Visa International said its Asia-Pacific directors will not adopt a rule to prevent member banks from issuing competing card brands like American Express and JCB.

Visa's Asia-Pacific board, which met last week, is one of three regional boards to go that route. Only the Visa Canada board and that of the Cemea region - Central and Eastern Europe, the Middle East, and Africa - have not formally voted on an issue that American Express Co. has tried to bring to the attention of competition and antitrust regulators around the world.

American Express has sought to prevent the Visa regions from following a Visa U.S.A. bylaw that prohibits member banks from issuing American Express or Discover cards.

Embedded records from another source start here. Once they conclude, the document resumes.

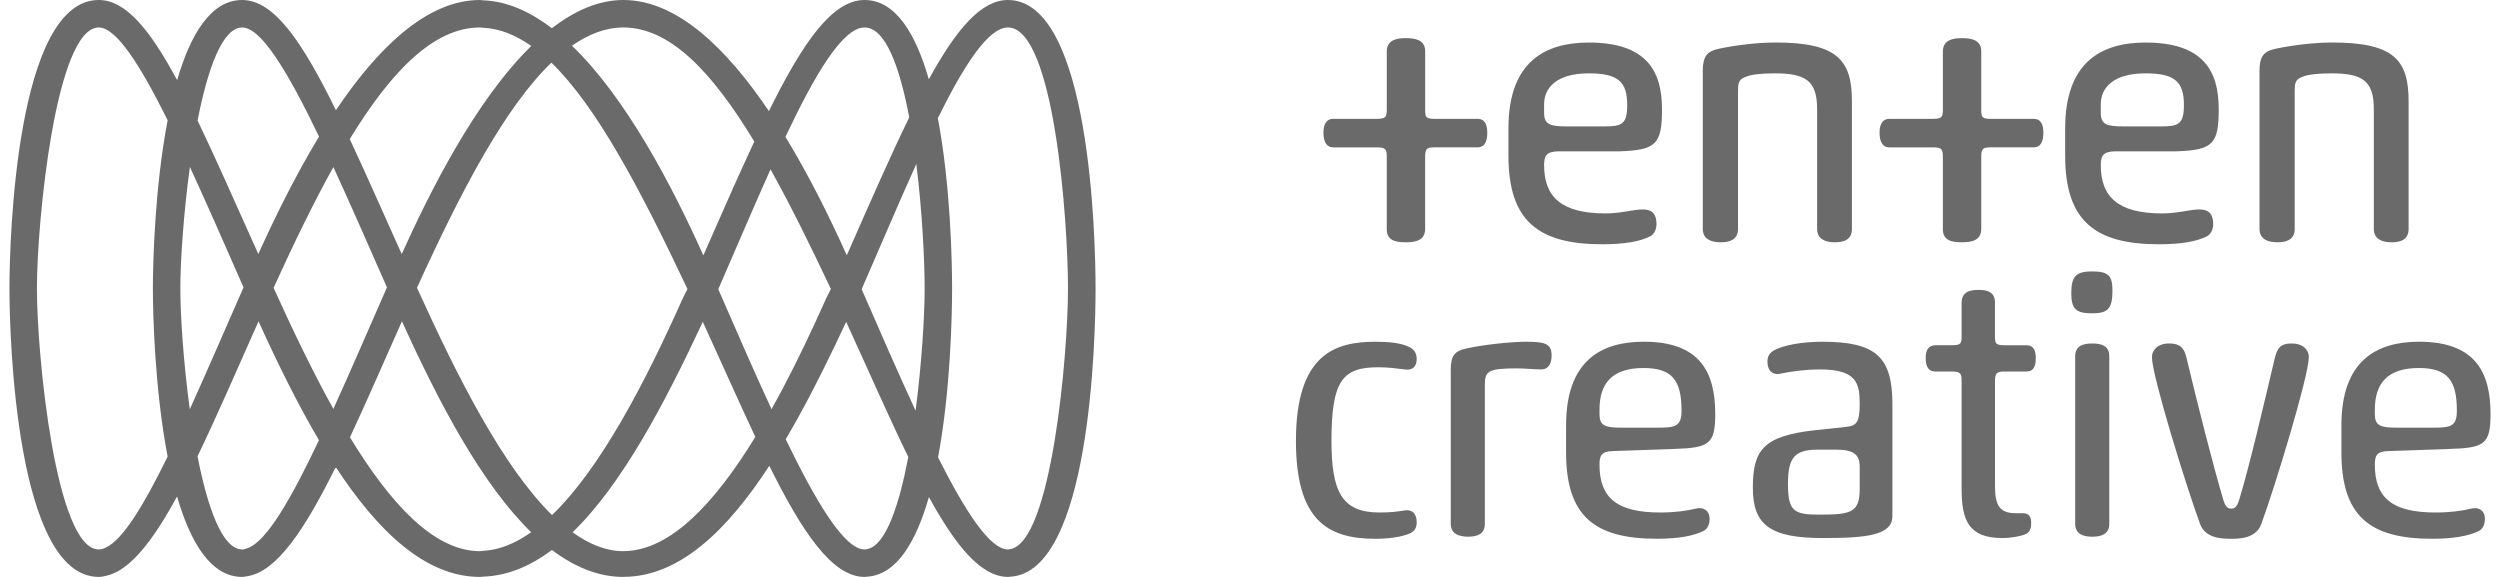 <?xml version="1.0" encoding="utf-8"?>
<!-- Generator: Adobe Illustrator 16.0.0, SVG Export Plug-In . SVG Version: 6.00 Build 0)  -->
<!DOCTYPE svg PUBLIC "-//W3C//DTD SVG 1.1//EN" "http://www.w3.org/Graphics/SVG/1.1/DTD/svg11.dtd">
<svg version="1.1" id="Layer_1" xmlns="http://www.w3.org/2000/svg" xmlns:xlink="http://www.w3.org/1999/xlink" x="0px" y="0px"
	 width="117px" height="27px" viewBox="0 0 117 27" enable-background="new 0 0 117 27" xml:space="preserve">
<g>
	<path fill="#6A6A6A" d="M64.508,17.188c0.463,0,0.83,0.052,1.229,0.101c0.398,0.066,0.564-0.167,0.564-0.482
		c0-0.233-0.084-0.414-0.283-0.533c-0.398-0.231-1.047-0.28-1.645-0.28c-1.859,0-3.723,0.548-3.723,4.637
		c0,3.705,1.463,4.585,3.723,4.585c0.598,0,1.246-0.083,1.645-0.267c0.199-0.116,0.283-0.247,0.283-0.514
		c0-0.399-0.217-0.598-0.547-0.549c-0.416,0.066-0.684,0.099-1.199,0.099c-1.76,0-2.242-0.98-2.242-3.354
		C62.312,17.787,62.844,17.188,64.508,17.188z"/>
	<path fill="#6A6A6A" d="M71.418,15.993c-0.682,0-1.961,0.133-2.791,0.314c-0.533,0.118-0.732,0.316-0.732,0.996v7.214
		c0,0.497,0.434,0.6,0.814,0.6c0.398,0,0.781-0.103,0.781-0.6v-6.48c0-0.648,0.117-0.797,1.463-0.797
		c0.465,0,0.848,0.049,1.164,0.049c0.363,0,0.498-0.282,0.498-0.648C72.615,16.092,72.33,15.993,71.418,15.993z"/>
	<path fill="#6A6A6A" d="M75.473,21.109l2.857-0.098c1.658-0.05,1.943-0.217,1.943-1.646c0-1.961-0.73-3.373-3.34-3.373
		c-1.996,0-3.641,0.88-3.641,3.92v1.247c0,2.975,1.299,4.055,4.256,4.055c0.998,0,1.713-0.134,2.176-0.365
		c0.199-0.1,0.285-0.316,0.285-0.565c0-0.415-0.318-0.563-0.635-0.482c-0.414,0.101-0.963,0.183-1.676,0.183
		c-2.043,0-2.842-0.696-2.842-2.243C74.857,21.31,74.955,21.128,75.473,21.109z M74.857,19.167c0-1.215,0.58-1.944,2.061-1.944
		c1.346,0,1.777,0.581,1.777,1.994c0,0.714-0.268,0.798-1.047,0.798h-1.777c-0.766,0-1.014-0.102-1.014-0.632V19.167z"/>
	<path fill="#6A6A6A" d="M85.289,15.993c-0.896,0-1.861,0.148-2.309,0.433c-0.184,0.115-0.264,0.281-0.264,0.481
		c0,0.548,0.346,0.646,0.613,0.581c0.514-0.116,1.246-0.199,1.844-0.199c1.711,0,1.861,0.648,1.861,1.595
		c0,0.88-0.133,1.047-0.664,1.098l-1.396,0.148c-2.441,0.266-2.941,0.914-2.941,2.691c0,1.729,0.781,2.36,3.273,2.36
		c2.078,0,3.258-0.133,3.258-1.029v-5.234C88.564,16.724,87.816,15.993,85.289,15.993z M87.035,22.872
		c0,1.129-0.414,1.213-1.93,1.213c-1.193,0-1.428-0.199-1.428-1.462c0-1.247,0.348-1.579,1.396-1.579h0.881
		c0.814,0,1.08,0.248,1.08,0.797V22.872z"/>
	<path fill="#6A6A6A" d="M94.826,16.157h-1.014c-0.414,0-0.447-0.082-0.447-0.413v-1.578c0-0.518-0.383-0.599-0.781-0.599
		c-0.381,0-0.781,0.081-0.781,0.614v1.562c0,0.331-0.035,0.413-0.449,0.413H90.59c-0.367,0-0.467,0.269-0.467,0.6
		c0,0.365,0.1,0.632,0.467,0.632h0.779c0.398,0,0.434,0.115,0.434,0.448v5.02c0,1.462,0.301,2.325,1.91,2.325
		c0.416,0,0.914-0.101,1.08-0.182c0.201-0.084,0.266-0.267,0.266-0.515c0-0.25-0.064-0.467-0.398-0.467h-0.332
		c-0.715,0-0.963-0.333-0.963-1.246v-4.951c0-0.366,0.1-0.433,0.447-0.433h1.014c0.367,0,0.447-0.267,0.447-0.632
		C95.273,16.426,95.193,16.157,94.826,16.157z"/>
	<path fill="#6A6A6A" d="M97.916,16.075c-0.383,0-0.797,0.082-0.797,0.598v7.845c0,0.497,0.414,0.6,0.797,0.6
		c0.398,0,0.799-0.103,0.799-0.6v-7.845C98.715,16.157,98.314,16.075,97.916,16.075z"/>
	<path fill="#6A6A6A" d="M97.916,12.702c-0.746,0-0.98,0.217-0.98,1.014c0,0.764,0.234,0.947,0.98,0.947
		c0.699,0,0.947-0.184,0.947-1.049C98.863,12.919,98.697,12.702,97.916,12.702z"/>
	<path fill="#6A6A6A" d="M107.254,16.075c-0.381,0-0.646,0.082-0.781,0.632c-0.498,2.094-1.18,5.053-1.678,6.679
		c-0.115,0.385-0.25,0.416-0.365,0.416c-0.133,0-0.268-0.031-0.381-0.416c-0.484-1.626-1.232-4.585-1.73-6.679
		c-0.133-0.55-0.432-0.632-0.812-0.632c-0.531,0-0.797,0.317-0.797,0.632c0,0.88,1.625,6.114,2.258,7.826
		c0.25,0.682,1.082,0.682,1.447,0.682c0.346,0,1.162,0,1.41-0.682c0.633-1.712,2.229-6.946,2.229-7.826
		C108.053,16.393,107.803,16.075,107.254,16.075z"/>
	<path fill="#6A6A6A" d="M115.66,23.802c-0.414,0.101-0.963,0.183-1.678,0.183c-2.043,0-2.84-0.696-2.84-2.243
		c0-0.432,0.1-0.613,0.613-0.632l2.859-0.098c1.662-0.05,1.943-0.217,1.943-1.646c0-1.961-0.732-3.373-3.342-3.373
		c-1.994,0-3.637,0.88-3.637,3.92v1.247c0,2.975,1.297,4.055,4.252,4.055c0.998,0,1.713-0.134,2.18-0.365
		c0.199-0.1,0.281-0.316,0.281-0.565C116.293,23.869,115.979,23.721,115.66,23.802z M111.143,19.167
		c0-1.215,0.582-1.944,2.061-1.944c1.344,0,1.777,0.581,1.777,1.994c0,0.714-0.266,0.798-1.049,0.798h-1.775
		c-0.766,0-1.014-0.102-1.014-0.632V19.167z"/>
	<path fill="#6A6A6A" d="M69.604,6.21c0-0.352-0.094-0.648-0.463-0.648h-1.998c-0.43,0-0.445-0.092-0.445-0.445v-2.72
		c0-0.519-0.445-0.612-0.908-0.612c-0.445,0-0.889,0.094-0.889,0.629v2.703c0,0.354-0.035,0.445-0.482,0.445H62.4
		c-0.352,0-0.463,0.297-0.463,0.648c0,0.369,0.111,0.687,0.463,0.687h2.055c0.41,0,0.445,0.11,0.445,0.443v3.386
		c0,0.538,0.426,0.613,0.889,0.613c0.445,0,0.908-0.075,0.908-0.629V7.32c0-0.37,0.092-0.424,0.445-0.424h1.998
		C69.51,6.896,69.604,6.579,69.604,6.21z"/>
	<path fill="#6A6A6A" d="M85.041,5.099v5.611c0,0.518,0.441,0.629,0.832,0.629c0.408,0,0.797-0.111,0.797-0.629V4.747
		c0-1.907-0.648-2.758-3.574-2.758c-0.777,0-1.795,0.109-2.668,0.295c-0.533,0.112-0.738,0.354-0.738,1.037v7.389
		c0,0.518,0.445,0.629,0.852,0.629c0.389,0,0.797-0.111,0.797-0.629V4.247c0-0.314,0.018-0.537,0.352-0.648
		c0.258-0.111,0.721-0.166,1.369-0.166C84.486,3.433,85.041,3.766,85.041,5.099z"/>
	<path fill="#6A6A6A" d="M74.986,11.432c1.037,0,1.76-0.13,2.24-0.37c0.205-0.111,0.297-0.336,0.297-0.575
		c0-0.593-0.334-0.685-0.648-0.685c-0.443,0-1,0.186-1.742,0.186c-2.09,0-2.869-0.797-2.869-2.26c0-0.443,0.111-0.629,0.648-0.646
		h2.887c1.725-0.057,1.982-0.352,1.982-1.982c0-1.795-0.74-3.109-3.426-3.109c-2.035,0-3.76,0.888-3.76,4.018v1.277
		C70.596,10.321,71.967,11.432,74.986,11.432z M72.264,4.877c0-0.759,0.574-1.444,2.092-1.444c1.371,0,1.797,0.389,1.797,1.481
		c0,0.907-0.26,1.001-1.057,1.001h-1.795c-0.777,0-1.037-0.094-1.037-0.649V4.877z"/>
	<path fill="#6A6A6A" d="M95.166,5.562h-2c-0.426,0-0.443-0.092-0.443-0.445v-2.72c0-0.519-0.445-0.612-0.908-0.612
		c-0.443,0-0.889,0.094-0.889,0.629v2.703c0,0.354-0.037,0.445-0.48,0.445h-2.02c-0.352,0-0.463,0.297-0.463,0.648
		c0,0.369,0.111,0.687,0.463,0.687h2.053c0.41,0,0.447,0.11,0.447,0.443v3.386c0,0.538,0.426,0.613,0.889,0.613
		c0.443,0,0.908-0.075,0.908-0.629V7.32c0-0.37,0.092-0.424,0.443-0.424h2c0.371,0,0.463-0.317,0.463-0.687
		C95.629,5.858,95.537,5.562,95.166,5.562z"/>
	<path fill="#6A6A6A" d="M111.094,5.099v5.611c0,0.518,0.445,0.629,0.834,0.629c0.408,0,0.795-0.111,0.795-0.629V4.747
		c0-1.907-0.648-2.758-3.572-2.758c-0.777,0-1.795,0.109-2.666,0.295c-0.537,0.112-0.74,0.354-0.74,1.037v7.389
		c0,0.518,0.443,0.629,0.852,0.629c0.387,0,0.795-0.111,0.795-0.629V4.247c0-0.314,0.018-0.537,0.352-0.648
		c0.26-0.111,0.723-0.166,1.371-0.166C110.539,3.433,111.094,3.766,111.094,5.099z"/>
	<path fill="#6A6A6A" d="M101.039,11.432c1.037,0,1.76-0.13,2.24-0.37c0.205-0.111,0.297-0.336,0.297-0.575
		c0-0.593-0.332-0.685-0.648-0.685c-0.443,0-1,0.186-1.74,0.186c-2.092,0-2.871-0.797-2.871-2.26c0-0.443,0.111-0.629,0.65-0.646
		h2.887c1.723-0.057,1.982-0.352,1.982-1.982c0-1.795-0.74-3.109-3.426-3.109c-2.037,0-3.76,0.888-3.76,4.018v1.277
		C96.65,10.321,98.021,11.432,101.039,11.432z M98.316,4.877c0-0.759,0.574-1.444,2.094-1.444c1.369,0,1.797,0.389,1.797,1.481
		c0,0.907-0.262,1.001-1.057,1.001h-1.797c-0.775,0-1.037-0.094-1.037-0.649V4.877z"/>
	<path fill="#6A6A6A" d="M47.172,0c-1.248,0-2.405,1.347-3.703,3.711C42.862,1.599,41.921,0,40.462,0
		c-1.491,0-2.852,1.913-4.478,5.199C34.022,2.288,31.7,0.009,29.187,0c-0.004,0-0.008,0-0.013,0c-1.168,0-2.29,0.508-3.346,1.32
		c-1.021-0.778-2.094-1.261-3.205-1.304C22.569,0.015,22.516,0,22.462,0c-2.535,0-4.849,2.343-6.741,5.157
		C14.126,1.91,12.813,0,11.334,0C9.866,0,8.911,1.619,8.29,3.75C7.005,1.364,5.875,0,4.622,0c-3.858,0-4.18,11.169-4.18,13.501
		C0.442,15.83,0.764,27,4.622,27c0.117,0,0.234-0.027,0.35-0.053c1.108-0.244,2.18-1.629,3.314-3.713
		C8.907,25.374,9.863,27,11.334,27c0.081,0,0.163-0.023,0.245-0.035c1.375-0.213,2.689-2.188,4.133-5.108
		C17.68,24.861,19.911,27,22.462,27c0.054,0,0.106-0.012,0.161-0.014c1.139-0.039,2.203-0.497,3.208-1.246
		c1.051,0.79,2.162,1.26,3.343,1.26c0.006,0,0.014-0.003,0.021-0.003c2.605-0.013,4.834-2.169,6.809-5.196
		C37.542,24.9,38.947,27,40.462,27c0.05,0,0.096-0.01,0.145-0.013c1.38-0.104,2.279-1.675,2.866-3.725
		c1.25,2.279,2.437,3.737,3.7,3.737c0.035,0,0.066-0.007,0.1-0.009c3.76-0.194,4-11.182,4-13.49C51.271,11.169,51.029,0,47.172,0z
		 M40.462,1.286c0.984,0,1.651,1.873,2.09,4.207c-0.875,1.793-1.828,3.965-2.922,6.455c-0.794-1.77-1.765-3.728-2.871-5.543
		C38.148,3.467,39.44,1.286,40.462,1.286z M43.273,13.501c0,1.266-0.134,3.503-0.423,5.719c-0.816-1.76-1.668-3.719-2.525-5.687
		l0.015-0.032c0.851-1.947,1.71-3.983,2.544-5.827C43.163,9.925,43.273,12.214,43.273,13.501z M36.107,19.149
		c-0.806-1.741-1.647-3.675-2.492-5.615l0.016-0.033c0.811-1.859,1.631-3.799,2.429-5.575c0.917,1.642,1.851,3.533,2.825,5.596
		c-0.077,0.153-0.154,0.307-0.229,0.461c-0.652,1.462-1.342,2.916-2.065,4.281C36.431,18.564,36.269,18.858,36.107,19.149z
		 M25.835,24.105c-2.312-2.269-4.44-6.491-6.305-10.604c-0.005-0.011-0.01-0.021-0.015-0.032c2.072-4.553,4.118-8.445,6.29-10.536
		c2.103,2.041,4.129,5.85,6.368,10.592c-0.077,0.152-0.154,0.304-0.229,0.458C30.158,17.985,28.081,21.944,25.835,24.105z
		 M8.44,13.501c0-1.26,0.146-3.481,0.447-5.687c0.788,1.709,1.63,3.634,2.51,5.634c-0.887,2.023-1.729,3.976-2.515,5.706
		C8.584,16.96,8.44,14.755,8.44,13.501z M29.187,1.286c2.162,0.008,4.114,2.037,6.114,5.337c-0.727,1.555-1.509,3.339-2.384,5.328
		c-1.508-3.357-3.64-7.396-6.149-9.812c0.782-0.543,1.581-0.853,2.406-0.853C29.179,1.286,29.183,1.286,29.187,1.286z M22.462,1.286
		c0.053,0,0.106,0.012,0.16,0.014c0.769,0.036,1.512,0.339,2.241,0.851c-2.634,2.574-4.775,6.888-6.062,9.739
		c-0.9-2.002-1.7-3.815-2.432-5.381C18.308,3.335,20.299,1.286,22.462,1.286z M18.109,13.449c-0.884,2.017-1.723,3.961-2.507,5.688
		c-0.98-1.763-1.911-3.71-2.784-5.636c-0.005-0.011-0.009-0.021-0.014-0.031c0.934-2.051,1.862-3.97,2.798-5.649
		C16.389,9.527,17.23,11.451,18.109,13.449z M11.334,1.286c0.892,0,2.133,2.066,3.597,5.107c-1.167,1.924-2.133,3.927-2.842,5.496
		c-1.073-2.386-2-4.496-2.843-6.25C9.717,3.238,10.404,1.286,11.334,1.286z M4.972,25.617c-0.119,0.06-0.237,0.097-0.35,0.097
		c-2.009,0-2.894-9.079-2.894-12.213c0-3.135,0.885-12.215,2.894-12.215c0.815,0,1.922,1.724,3.224,4.342
		c-0.605,3.149-0.691,6.676-0.691,7.873c0,1.195,0.086,4.719,0.69,7.866C6.734,23.637,5.763,25.234,4.972,25.617z M11.579,25.657
		c-0.084,0.031-0.166,0.057-0.245,0.057c-0.931,0-1.618-1.955-2.09-4.358c0.885-1.835,1.823-3.998,2.855-6.318
		c0.874,1.927,1.814,3.843,2.828,5.562C13.609,23.382,12.474,25.344,11.579,25.657z M22.623,25.778
		c-0.054,0.003-0.107,0.017-0.161,0.017c-2.161,0-4.205-2.243-6.084-5.329c0.761-1.631,1.563-3.474,2.433-5.43
		c1.736,3.827,3.732,7.615,6.048,9.873C24.127,25.423,23.381,25.74,22.623,25.778z M29.194,25.792c-0.007,0-0.015,0.003-0.021,0.003
		c-0.81,0-1.602-0.328-2.376-0.883c2.321-2.247,4.307-6.022,6.094-9.85c0.878,1.916,1.689,3.75,2.458,5.386
		C33.451,23.546,31.369,25.776,29.194,25.792z M40.606,25.693c-0.048,0.011-0.096,0.021-0.145,0.021c-0.928,0-2.23-2.144-3.69-5.157
		c0.199-0.337,0.396-0.68,0.59-1.03c0.784-1.419,1.527-2.937,2.24-4.464c1.05,2.292,2.004,4.471,2.907,6.325
		C42.08,23.648,41.458,25.503,40.606,25.693z M47.271,25.699c-0.033,0.005-0.064,0.015-0.1,0.015c-0.837,0-1.981-1.752-3.27-4.309
		c0.591-3.156,0.657-6.704,0.657-7.904c0-1.21-0.066-4.797-0.667-7.97c1.227-2.484,2.362-4.245,3.279-4.245
		c2.171,0,2.812,9.08,2.812,12.215C49.984,16.581,49.208,25.404,47.271,25.699z"/>
</g>
</svg>

Visa's Asia-Pacific president, Dennis M. Goggin, accused American Express of relying on "media and government authorities to fight the battles which typically occur in the free market."

The Visa office in Singapore issued a statement that "Visa member banks have no interest in issuing American Express cards."

American Express, which wants to enter marketing partnerships with banks, mounted significant attacks in Latin America and Europe, where it has gained support from government authorities. The New York financial services company has not invested as much energy in Asia.

MasterCard International told its members in the Asia-Pacific region in July that it is not "appropriate" for them to participate in competing card programs. A spokesman for the association said the policy was meant to mirror that in the United States, where members cannot issue competitors' card brands.

Asia-Pacific countries such as China, India, Japan, and Korea are among the card industry's most attractive and fast-growing emerging markets. Visa's card volume there grew 25%, to $104 billion, in the 12 months ended June 30.

In a statement Friday, American Express said Visa's Asian policy and other regional moves imply Visa should drop the controversial U.S. bylaw.